Couldn't this extension occur elsewhere? For example, say there is some function $f_{\Bbb C}$ that maps the complex numbers to a smaller subset of the complex numbers then the expression
$f_{\Bbb C}(x) = j$ in $\{z\in\Bbb C:z\not\in f_{\Bbb C}(\Bbb C)\}$
will require the creation of a new mathematical constant.
Is this possible? Has it ever happened? This differs greatly from quaternions and other tools which are considered extensions of the complex plane. The most basic idea that comes to mind is the absolute value function.
The equation: $|x| = c$ where $c$ is not a positive real number or $0$ but is a member of the complex plane. 
You would get numbers $p$, such that $|p| = -1$, and $t$ such that $|t| = i$. From there the expression $p\cdot t$ would be such that $|p\cdot t| = -i$. Then an entire algebra from these can be constructed.

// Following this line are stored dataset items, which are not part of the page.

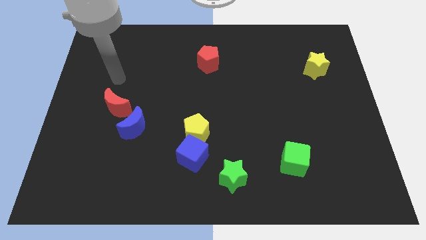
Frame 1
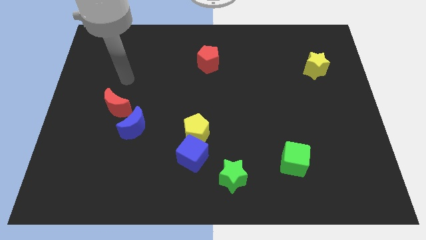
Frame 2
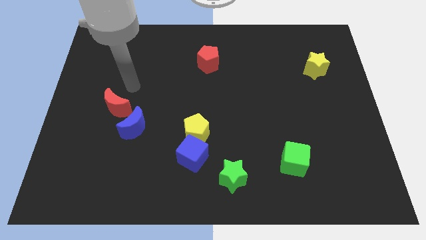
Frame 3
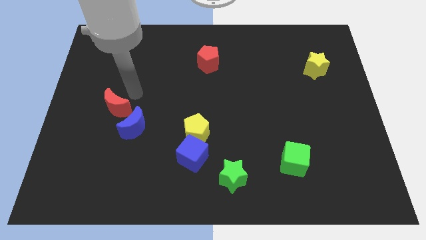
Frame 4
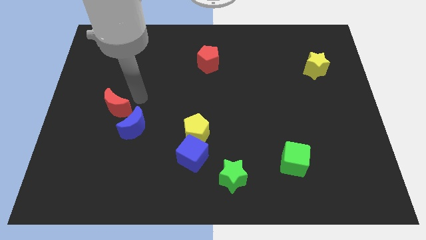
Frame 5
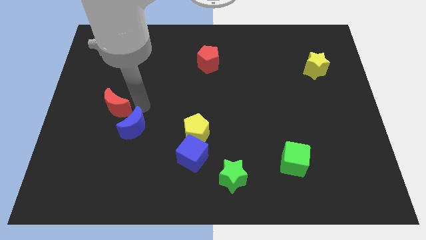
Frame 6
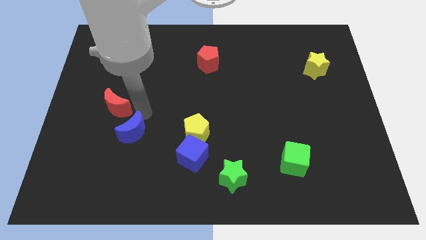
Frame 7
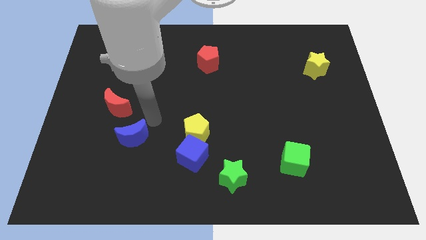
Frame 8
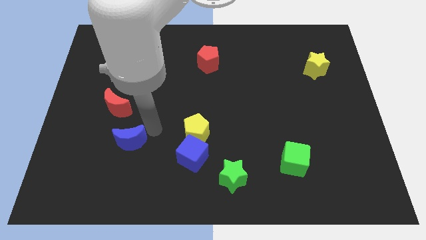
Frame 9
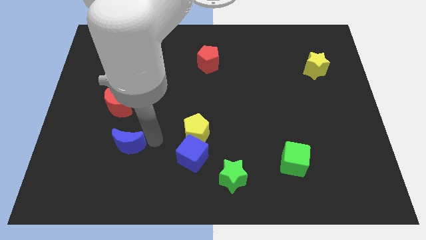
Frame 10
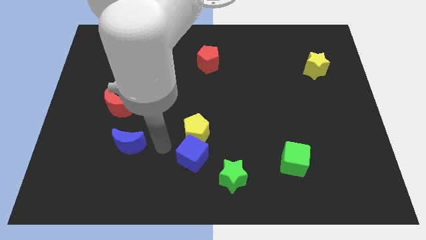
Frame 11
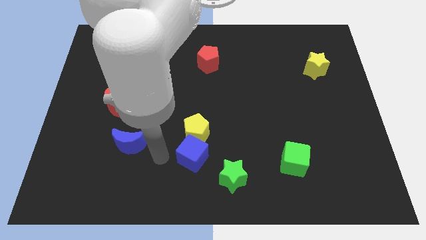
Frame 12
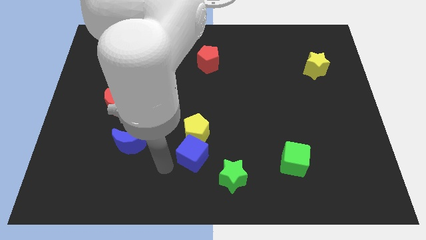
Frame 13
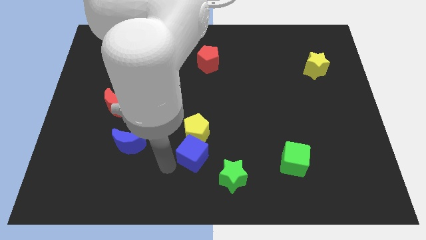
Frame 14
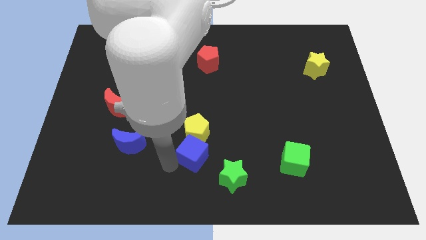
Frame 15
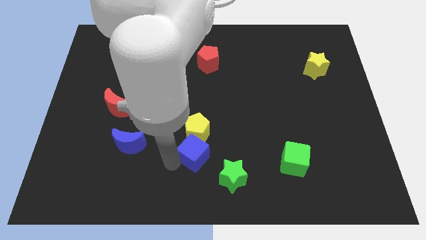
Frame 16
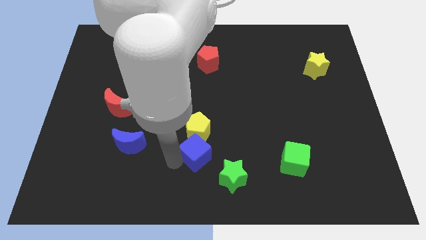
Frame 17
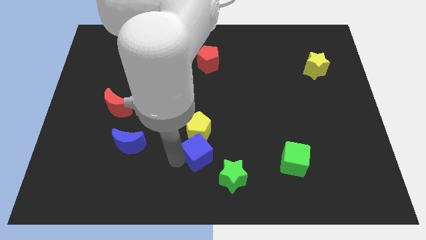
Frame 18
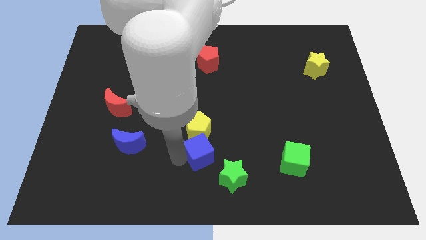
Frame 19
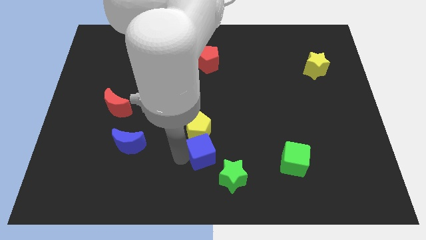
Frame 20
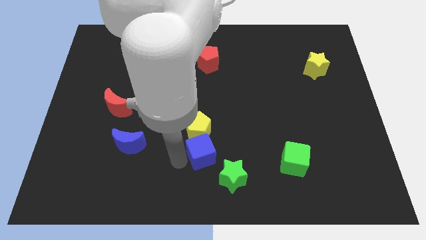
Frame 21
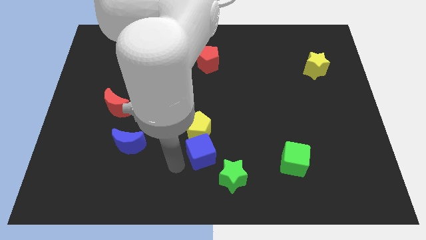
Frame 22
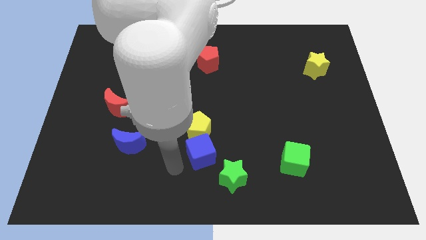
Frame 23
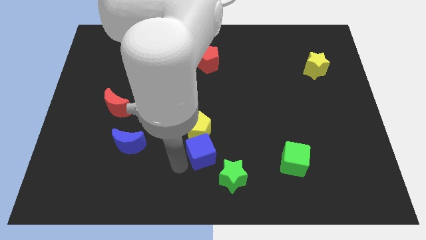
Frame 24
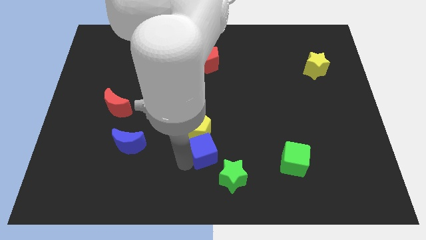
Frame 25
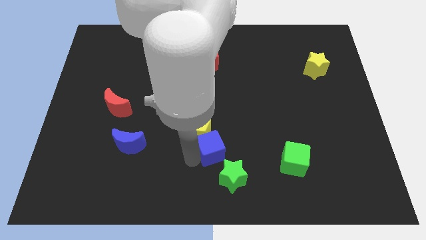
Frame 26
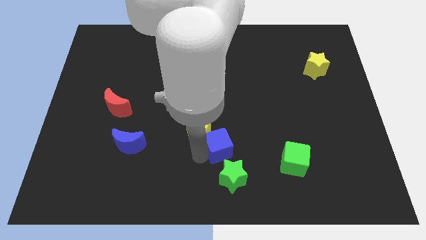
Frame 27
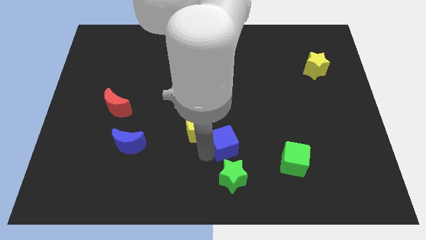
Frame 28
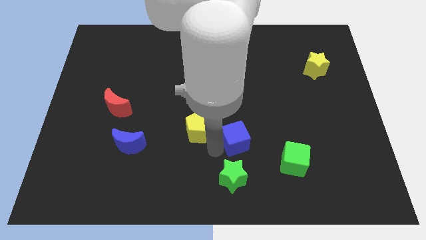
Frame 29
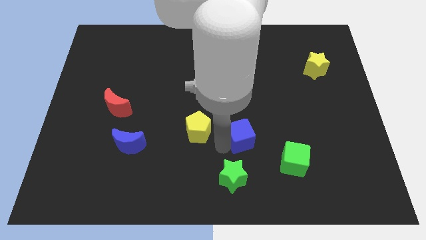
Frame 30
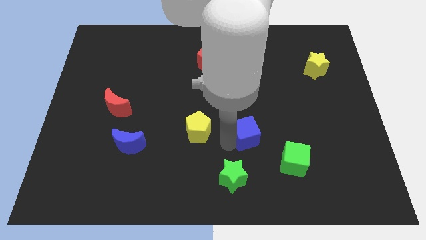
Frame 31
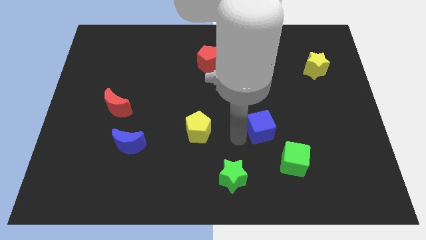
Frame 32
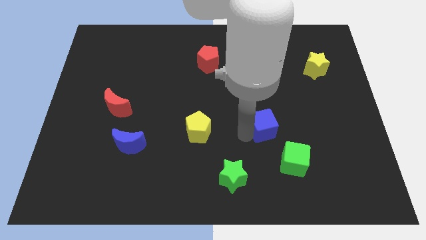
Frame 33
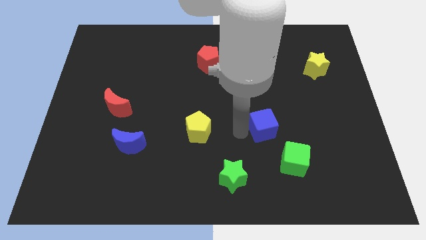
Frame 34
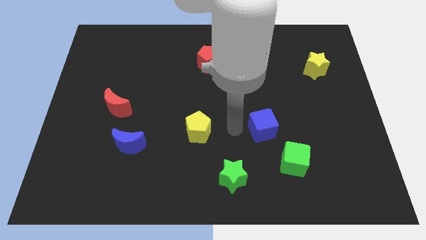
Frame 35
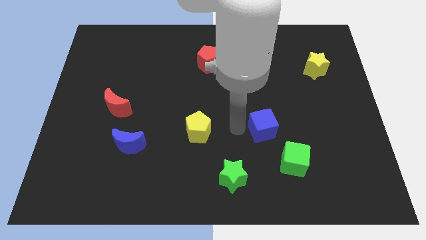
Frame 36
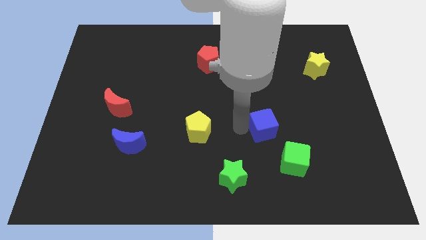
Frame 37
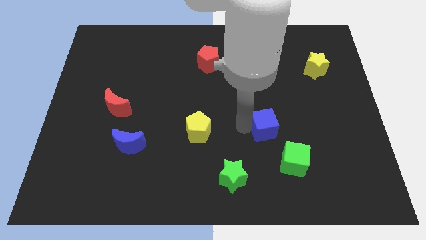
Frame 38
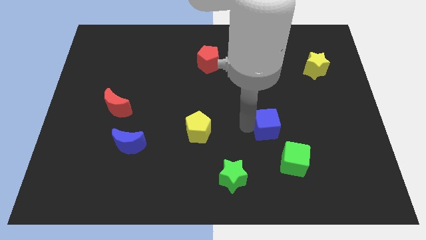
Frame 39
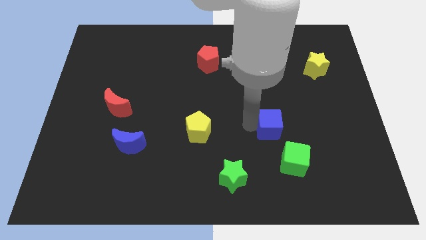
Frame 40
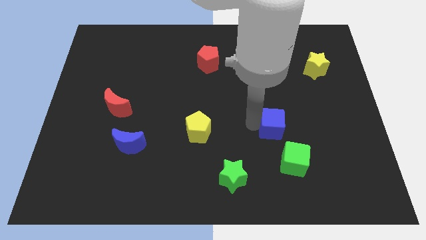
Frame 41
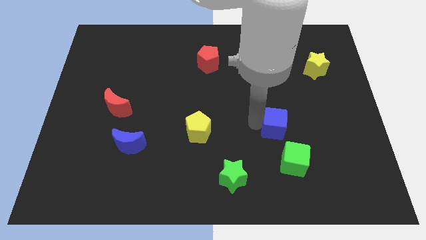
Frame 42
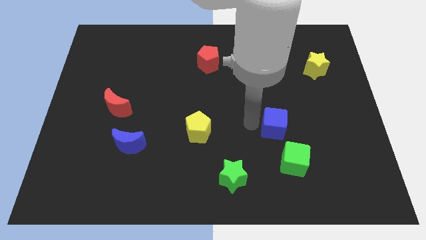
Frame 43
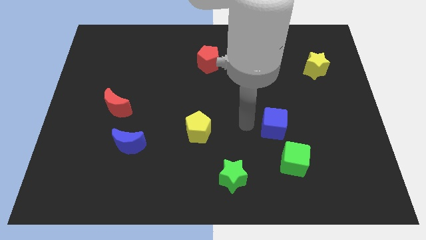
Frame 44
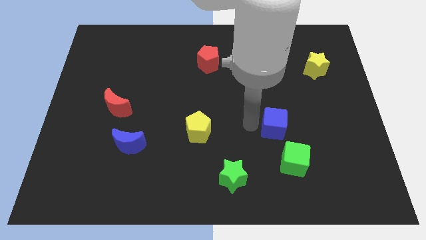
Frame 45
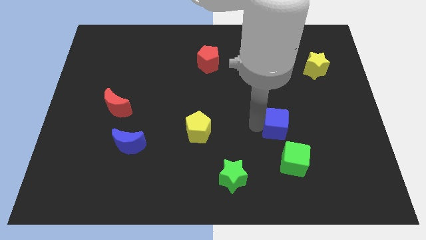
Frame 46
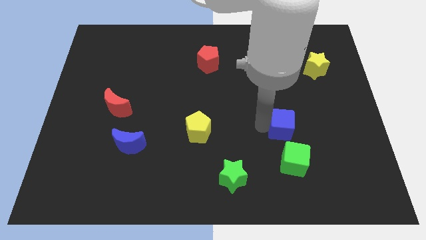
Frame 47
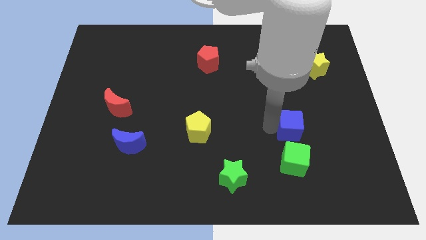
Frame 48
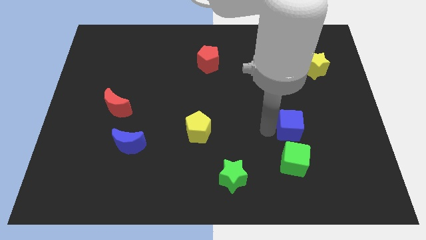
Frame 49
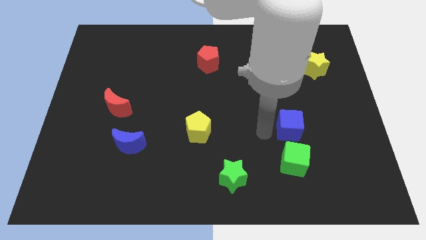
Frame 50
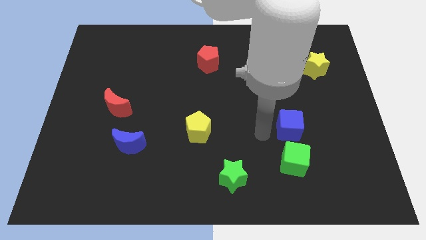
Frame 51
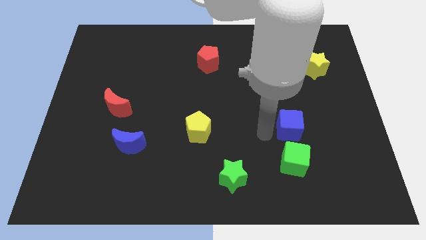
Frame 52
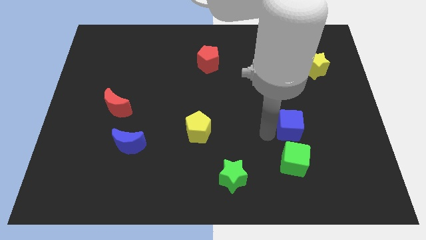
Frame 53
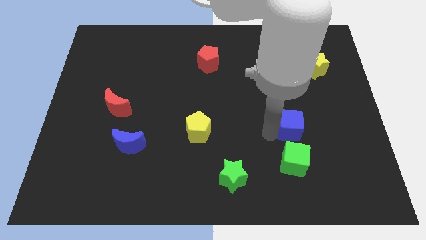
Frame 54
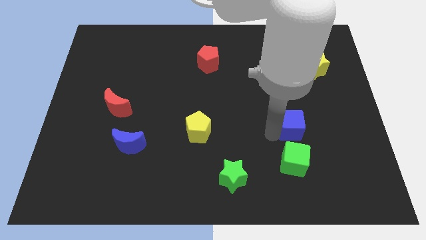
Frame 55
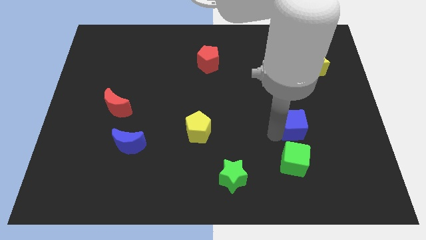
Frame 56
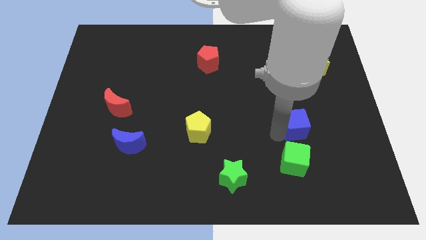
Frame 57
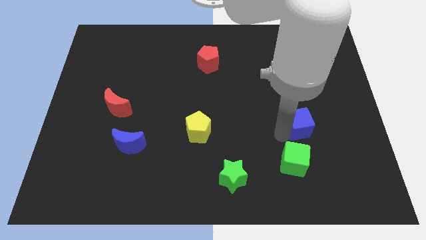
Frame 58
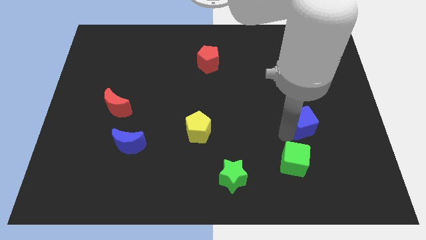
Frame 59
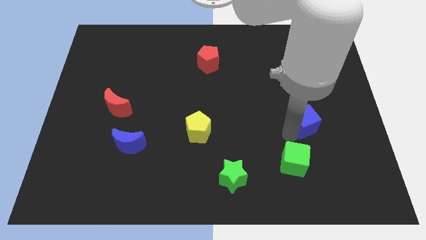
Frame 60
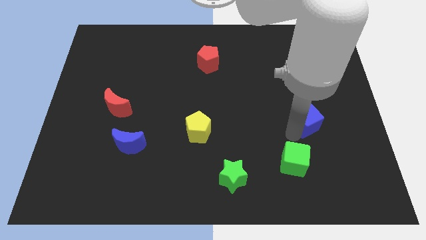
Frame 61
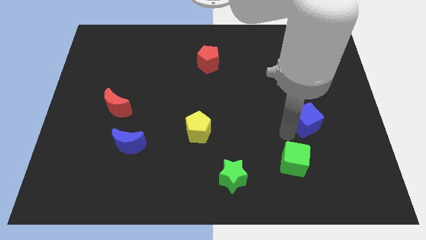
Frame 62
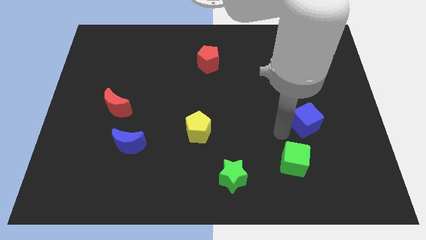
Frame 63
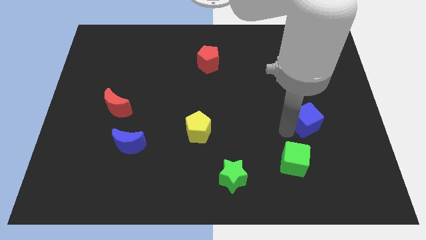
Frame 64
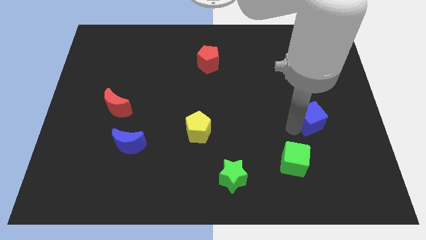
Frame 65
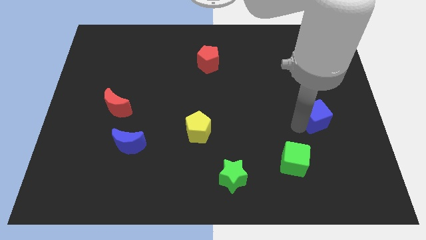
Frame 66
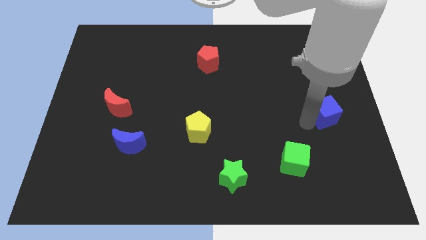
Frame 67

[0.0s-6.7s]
push the blue cube to the right side of the board

But the only reason I'm not satisfied with this answer is because Complex numbers were naturally developed from the basic hyperoperators (addition -- multiplication -- powers (produces complex numbers) --> tetration ---> pentation etc...) Is there some hyperoperator down the line that will produce the next complex number? 
 A: First of all we have the fundamental theorem of algebra which says that the the roots of polynomial functions with complex coefficients all lie in the field of complex numbers.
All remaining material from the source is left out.